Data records
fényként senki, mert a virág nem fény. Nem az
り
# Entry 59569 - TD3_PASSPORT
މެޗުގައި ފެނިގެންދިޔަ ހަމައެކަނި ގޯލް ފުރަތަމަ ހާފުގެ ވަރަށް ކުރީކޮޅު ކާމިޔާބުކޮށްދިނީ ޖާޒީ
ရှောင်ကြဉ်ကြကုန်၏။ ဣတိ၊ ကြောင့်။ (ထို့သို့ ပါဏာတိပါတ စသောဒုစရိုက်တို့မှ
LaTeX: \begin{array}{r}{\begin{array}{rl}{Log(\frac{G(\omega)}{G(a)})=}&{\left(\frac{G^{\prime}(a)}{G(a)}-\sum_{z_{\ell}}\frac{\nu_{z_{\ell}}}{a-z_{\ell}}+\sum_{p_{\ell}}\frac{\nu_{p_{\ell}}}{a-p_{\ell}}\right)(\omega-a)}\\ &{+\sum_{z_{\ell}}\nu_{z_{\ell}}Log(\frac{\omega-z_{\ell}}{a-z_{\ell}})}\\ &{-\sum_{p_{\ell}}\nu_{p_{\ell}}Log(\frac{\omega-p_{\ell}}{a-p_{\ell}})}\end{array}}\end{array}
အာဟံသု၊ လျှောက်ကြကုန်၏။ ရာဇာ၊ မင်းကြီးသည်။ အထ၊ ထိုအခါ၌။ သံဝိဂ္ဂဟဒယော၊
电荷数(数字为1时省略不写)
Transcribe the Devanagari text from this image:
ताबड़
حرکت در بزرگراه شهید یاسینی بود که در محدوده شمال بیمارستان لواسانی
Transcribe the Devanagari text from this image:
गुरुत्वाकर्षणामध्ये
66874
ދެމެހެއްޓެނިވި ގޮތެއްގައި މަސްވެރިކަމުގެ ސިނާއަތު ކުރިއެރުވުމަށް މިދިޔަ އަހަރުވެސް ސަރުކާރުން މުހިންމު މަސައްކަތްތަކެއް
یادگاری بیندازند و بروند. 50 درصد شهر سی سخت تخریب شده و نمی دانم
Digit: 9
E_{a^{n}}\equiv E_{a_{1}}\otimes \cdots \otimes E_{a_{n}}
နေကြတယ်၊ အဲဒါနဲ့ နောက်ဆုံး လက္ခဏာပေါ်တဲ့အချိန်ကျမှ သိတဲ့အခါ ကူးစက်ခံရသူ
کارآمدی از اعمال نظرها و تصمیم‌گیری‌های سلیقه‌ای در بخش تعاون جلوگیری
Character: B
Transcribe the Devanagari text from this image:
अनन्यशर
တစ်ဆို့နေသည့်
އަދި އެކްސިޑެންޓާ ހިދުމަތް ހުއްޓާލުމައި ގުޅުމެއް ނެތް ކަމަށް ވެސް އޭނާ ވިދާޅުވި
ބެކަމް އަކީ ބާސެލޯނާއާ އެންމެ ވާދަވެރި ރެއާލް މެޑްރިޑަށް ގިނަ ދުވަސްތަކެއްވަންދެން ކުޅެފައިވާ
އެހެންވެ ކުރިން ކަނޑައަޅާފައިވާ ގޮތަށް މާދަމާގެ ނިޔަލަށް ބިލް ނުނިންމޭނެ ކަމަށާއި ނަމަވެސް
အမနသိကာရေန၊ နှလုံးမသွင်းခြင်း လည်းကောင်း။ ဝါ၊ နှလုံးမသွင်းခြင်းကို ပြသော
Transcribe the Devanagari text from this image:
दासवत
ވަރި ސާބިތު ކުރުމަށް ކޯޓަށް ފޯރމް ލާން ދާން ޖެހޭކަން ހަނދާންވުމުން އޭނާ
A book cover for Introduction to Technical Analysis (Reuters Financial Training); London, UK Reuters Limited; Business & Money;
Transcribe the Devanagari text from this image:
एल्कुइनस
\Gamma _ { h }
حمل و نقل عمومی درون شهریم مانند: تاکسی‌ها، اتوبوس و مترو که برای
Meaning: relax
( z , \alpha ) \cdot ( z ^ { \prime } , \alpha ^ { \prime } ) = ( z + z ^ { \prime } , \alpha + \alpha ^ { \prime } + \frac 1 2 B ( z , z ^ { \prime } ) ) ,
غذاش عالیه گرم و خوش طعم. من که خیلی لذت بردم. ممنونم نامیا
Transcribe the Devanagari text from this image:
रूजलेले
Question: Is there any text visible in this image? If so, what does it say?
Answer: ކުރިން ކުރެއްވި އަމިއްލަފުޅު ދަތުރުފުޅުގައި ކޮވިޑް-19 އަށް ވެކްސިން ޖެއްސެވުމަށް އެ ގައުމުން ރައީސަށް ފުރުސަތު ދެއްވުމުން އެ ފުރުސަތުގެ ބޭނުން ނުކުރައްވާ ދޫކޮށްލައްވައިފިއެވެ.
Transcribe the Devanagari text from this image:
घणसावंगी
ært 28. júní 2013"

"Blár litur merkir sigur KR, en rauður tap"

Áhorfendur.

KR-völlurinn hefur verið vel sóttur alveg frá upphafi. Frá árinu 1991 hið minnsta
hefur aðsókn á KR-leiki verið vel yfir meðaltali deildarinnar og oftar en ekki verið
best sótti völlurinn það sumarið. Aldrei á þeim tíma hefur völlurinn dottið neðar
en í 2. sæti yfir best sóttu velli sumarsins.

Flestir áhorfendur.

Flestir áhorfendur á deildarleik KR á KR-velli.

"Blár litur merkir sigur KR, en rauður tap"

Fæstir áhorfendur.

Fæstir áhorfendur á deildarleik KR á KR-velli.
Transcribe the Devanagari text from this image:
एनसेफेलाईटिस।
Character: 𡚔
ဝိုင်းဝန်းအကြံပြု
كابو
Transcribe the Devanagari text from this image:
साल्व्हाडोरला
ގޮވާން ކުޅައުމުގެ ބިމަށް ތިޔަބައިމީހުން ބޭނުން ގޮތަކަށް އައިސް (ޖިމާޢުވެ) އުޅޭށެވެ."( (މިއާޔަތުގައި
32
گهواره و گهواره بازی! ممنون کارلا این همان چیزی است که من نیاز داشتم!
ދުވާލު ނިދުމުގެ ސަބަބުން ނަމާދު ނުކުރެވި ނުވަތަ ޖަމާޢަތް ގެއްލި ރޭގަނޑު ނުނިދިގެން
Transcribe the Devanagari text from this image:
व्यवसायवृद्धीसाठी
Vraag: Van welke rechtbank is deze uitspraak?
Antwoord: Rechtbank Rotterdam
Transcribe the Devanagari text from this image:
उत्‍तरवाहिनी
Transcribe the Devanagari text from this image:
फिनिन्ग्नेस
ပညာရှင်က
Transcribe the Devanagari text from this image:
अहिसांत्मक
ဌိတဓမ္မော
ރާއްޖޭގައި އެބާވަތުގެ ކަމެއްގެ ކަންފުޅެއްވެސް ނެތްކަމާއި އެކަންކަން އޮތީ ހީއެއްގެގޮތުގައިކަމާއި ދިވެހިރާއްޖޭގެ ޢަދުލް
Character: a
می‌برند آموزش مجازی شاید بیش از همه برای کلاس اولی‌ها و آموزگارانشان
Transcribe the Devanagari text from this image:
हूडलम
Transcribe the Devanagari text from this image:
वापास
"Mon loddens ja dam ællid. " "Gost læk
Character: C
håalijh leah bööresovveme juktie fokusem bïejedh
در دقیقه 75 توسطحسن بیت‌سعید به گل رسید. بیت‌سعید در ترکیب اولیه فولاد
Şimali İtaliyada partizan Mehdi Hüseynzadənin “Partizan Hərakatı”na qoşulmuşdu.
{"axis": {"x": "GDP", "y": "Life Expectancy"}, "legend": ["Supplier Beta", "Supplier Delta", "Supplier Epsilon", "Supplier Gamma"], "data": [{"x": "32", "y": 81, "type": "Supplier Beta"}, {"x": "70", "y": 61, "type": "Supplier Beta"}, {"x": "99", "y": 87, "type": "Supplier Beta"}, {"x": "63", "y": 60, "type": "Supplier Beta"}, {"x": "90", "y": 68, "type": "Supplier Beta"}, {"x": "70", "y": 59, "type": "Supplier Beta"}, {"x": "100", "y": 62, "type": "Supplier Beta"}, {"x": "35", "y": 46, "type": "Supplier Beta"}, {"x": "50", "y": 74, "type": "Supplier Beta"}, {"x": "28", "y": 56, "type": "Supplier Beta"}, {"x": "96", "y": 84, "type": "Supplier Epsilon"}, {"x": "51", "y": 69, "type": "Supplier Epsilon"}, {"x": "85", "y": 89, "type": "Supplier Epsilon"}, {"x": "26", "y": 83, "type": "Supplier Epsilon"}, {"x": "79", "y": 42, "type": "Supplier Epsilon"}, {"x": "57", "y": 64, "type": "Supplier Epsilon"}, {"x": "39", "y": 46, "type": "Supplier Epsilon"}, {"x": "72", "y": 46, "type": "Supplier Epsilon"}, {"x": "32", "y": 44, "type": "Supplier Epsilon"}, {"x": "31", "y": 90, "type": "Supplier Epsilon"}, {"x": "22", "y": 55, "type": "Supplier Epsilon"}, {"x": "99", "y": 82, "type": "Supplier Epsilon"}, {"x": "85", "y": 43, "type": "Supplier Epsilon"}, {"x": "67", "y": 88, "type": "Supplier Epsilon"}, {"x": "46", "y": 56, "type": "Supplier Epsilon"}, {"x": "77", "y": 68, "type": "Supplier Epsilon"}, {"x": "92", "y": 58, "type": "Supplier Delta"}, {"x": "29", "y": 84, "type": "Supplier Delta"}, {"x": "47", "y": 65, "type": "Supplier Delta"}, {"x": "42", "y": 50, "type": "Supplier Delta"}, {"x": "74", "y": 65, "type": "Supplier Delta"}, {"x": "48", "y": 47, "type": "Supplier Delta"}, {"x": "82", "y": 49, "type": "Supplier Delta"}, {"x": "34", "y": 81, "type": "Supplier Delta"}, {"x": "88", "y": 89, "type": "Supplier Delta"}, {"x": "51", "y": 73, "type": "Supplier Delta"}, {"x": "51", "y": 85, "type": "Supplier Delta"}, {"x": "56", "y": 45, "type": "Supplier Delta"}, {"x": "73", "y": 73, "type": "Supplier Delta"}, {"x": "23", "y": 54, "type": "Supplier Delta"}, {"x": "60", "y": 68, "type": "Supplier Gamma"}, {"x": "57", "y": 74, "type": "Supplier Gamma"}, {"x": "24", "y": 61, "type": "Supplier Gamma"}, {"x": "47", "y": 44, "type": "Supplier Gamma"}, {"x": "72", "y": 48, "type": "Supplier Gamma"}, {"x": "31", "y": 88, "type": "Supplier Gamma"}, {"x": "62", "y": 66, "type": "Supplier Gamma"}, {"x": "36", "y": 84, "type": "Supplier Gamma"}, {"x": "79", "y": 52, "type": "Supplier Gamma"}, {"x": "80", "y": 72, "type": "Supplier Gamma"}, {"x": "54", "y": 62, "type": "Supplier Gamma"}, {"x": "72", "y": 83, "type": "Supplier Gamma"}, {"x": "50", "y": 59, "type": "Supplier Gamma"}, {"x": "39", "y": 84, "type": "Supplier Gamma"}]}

> [PROBLEM DETAILS]: Only the lines from the first line of the records through the one containing "ရှောင်ကြဉ်ကြကုန်၏။ ဣတိ၊ ကြောင့်။" should be reproduced, exactly, with both of them included.

> [ANSWER FOR THE TASK]:
fényként senki, mert a virág nem fény. Nem az
り
# Entry 59569 - TD3_PASSPORT
މެޗުގައި ފެނިގެންދިޔަ ހަމައެކަނި ގޯލް ފުރަތަމަ ހާފުގެ ވަރަށް ކުރީކޮޅު ކާމިޔާބުކޮށްދިނީ ޖާޒީ
ရှောင်ကြဉ်ကြကုန်၏။ ဣတိ၊ ကြောင့်။ (ထို့သို့ ပါဏာတိပါတ စသောဒုစရိုက်တို့မှ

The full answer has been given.